§ Material provided:
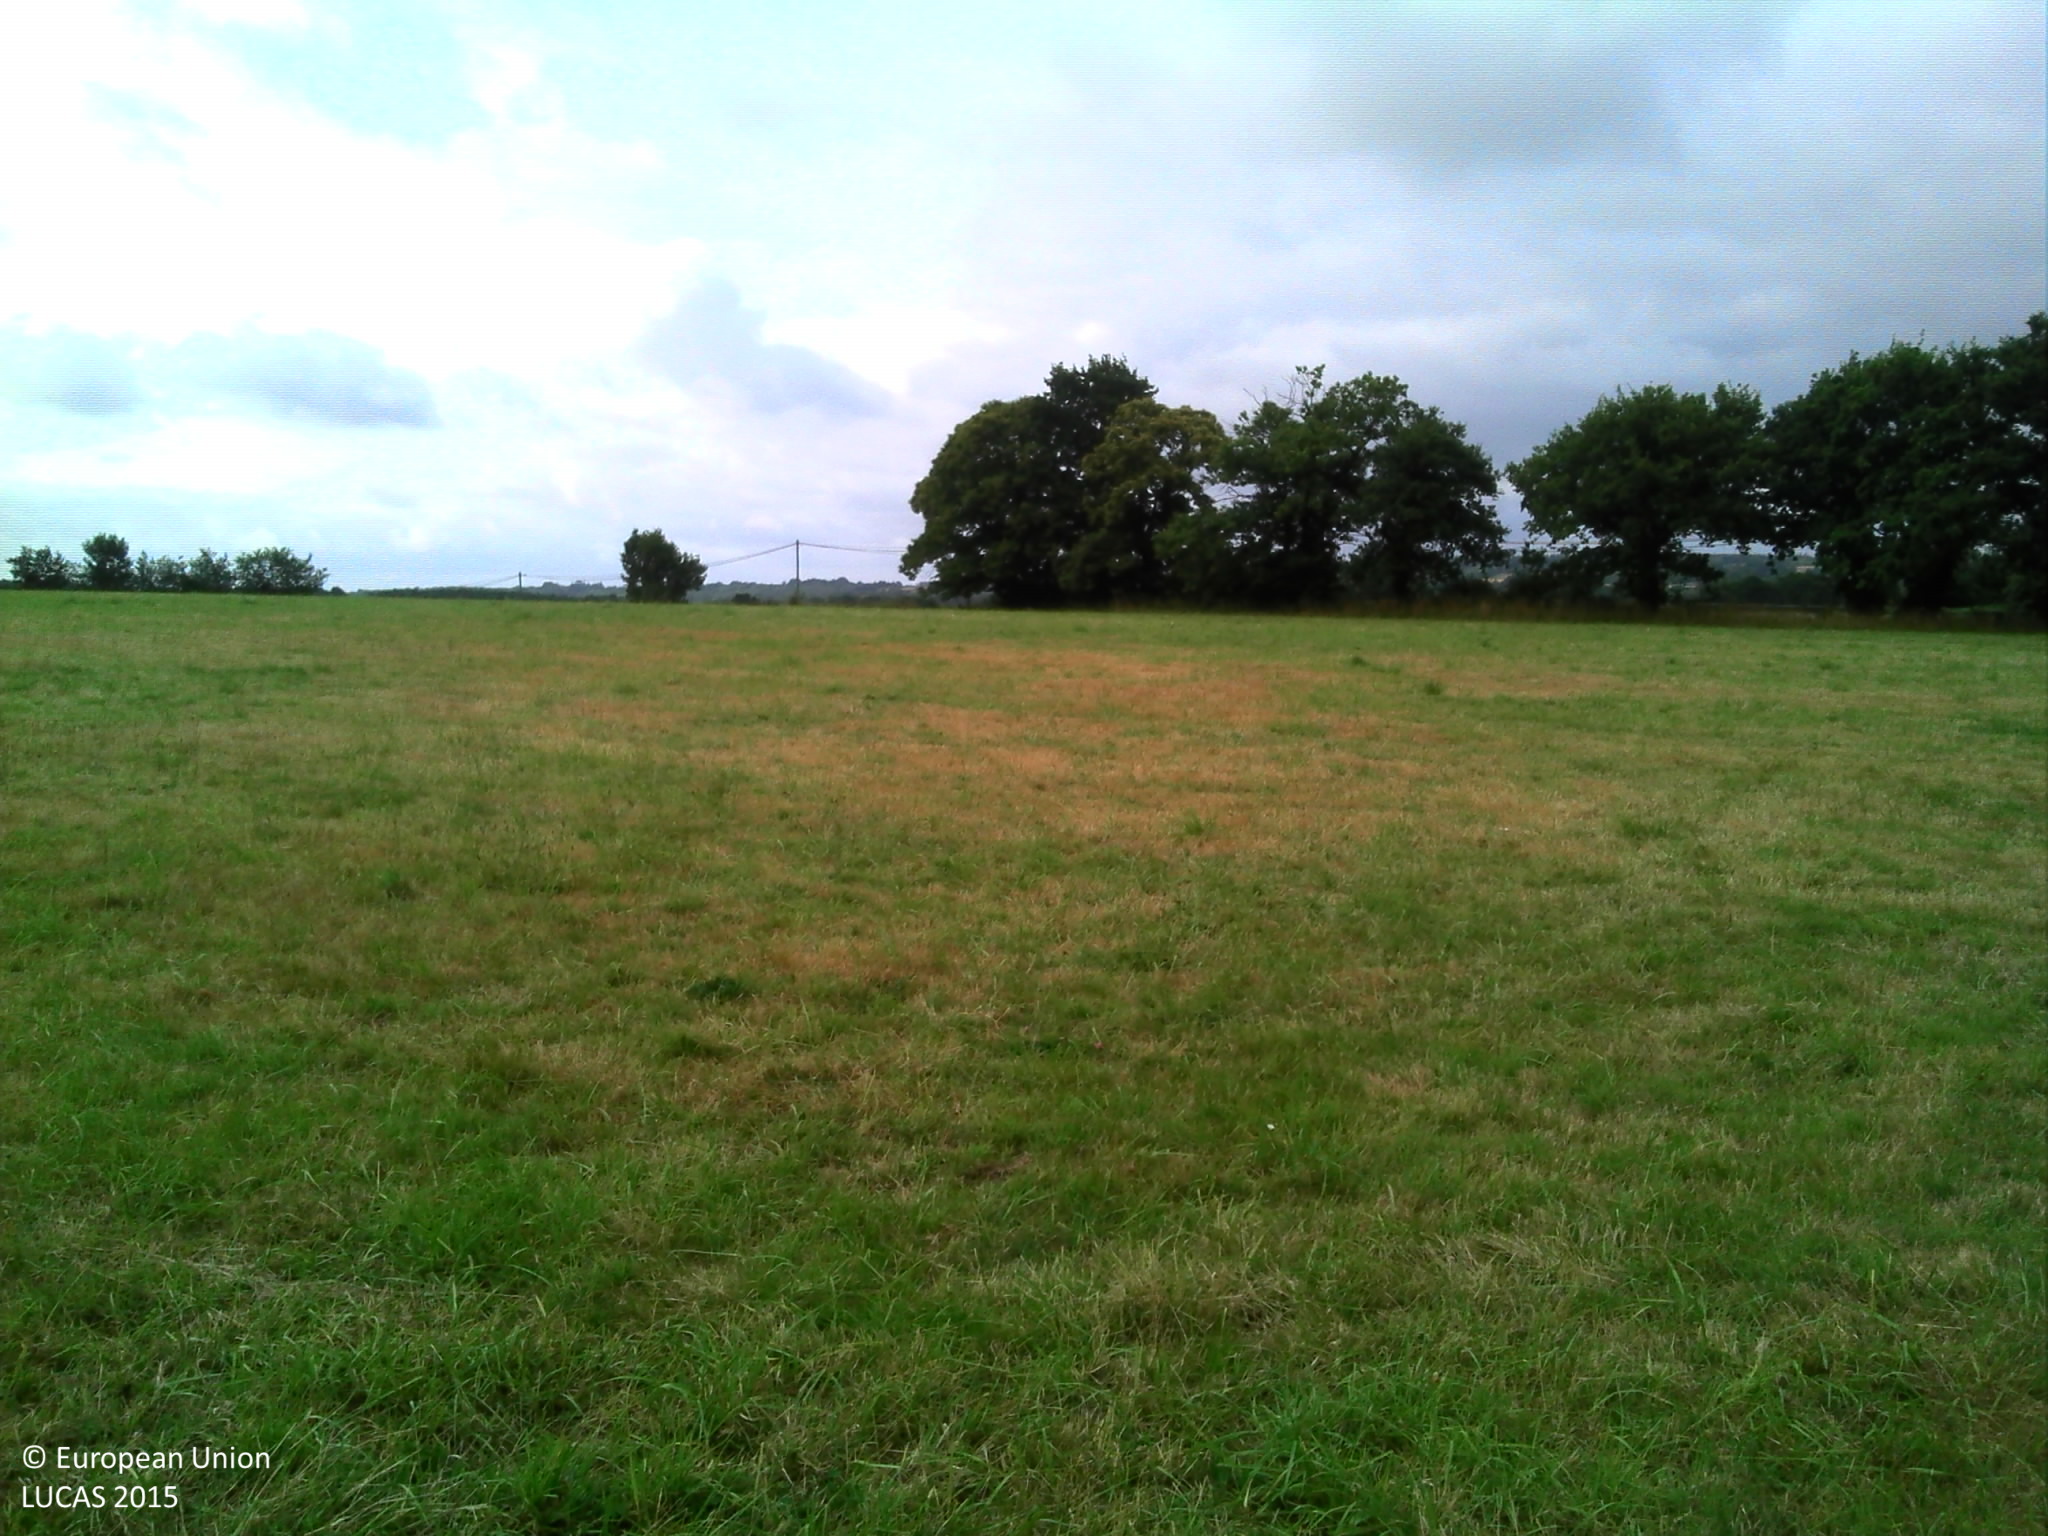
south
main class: Grassland
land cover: Grassland without tree/shrub cover
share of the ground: > 75 %
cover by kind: herbaceous plants 100 %
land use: Agriculture (excluding fallow land and kitchen gardens)
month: July
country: FR
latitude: 47.5654
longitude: -1.9991

§ The problem:
Restate the whole listing exactly as written, minus the pictures.

§ Exercise response:
south
main class: Grassland
land cover: Grassland without tree/shrub cover
share of the ground: > 75 %
cover by kind: herbaceous plants 100 %
land use: Agriculture (excluding fallow land and kitchen gardens)
month: July
country: FR
latitude: 47.5654
longitude: -1.9991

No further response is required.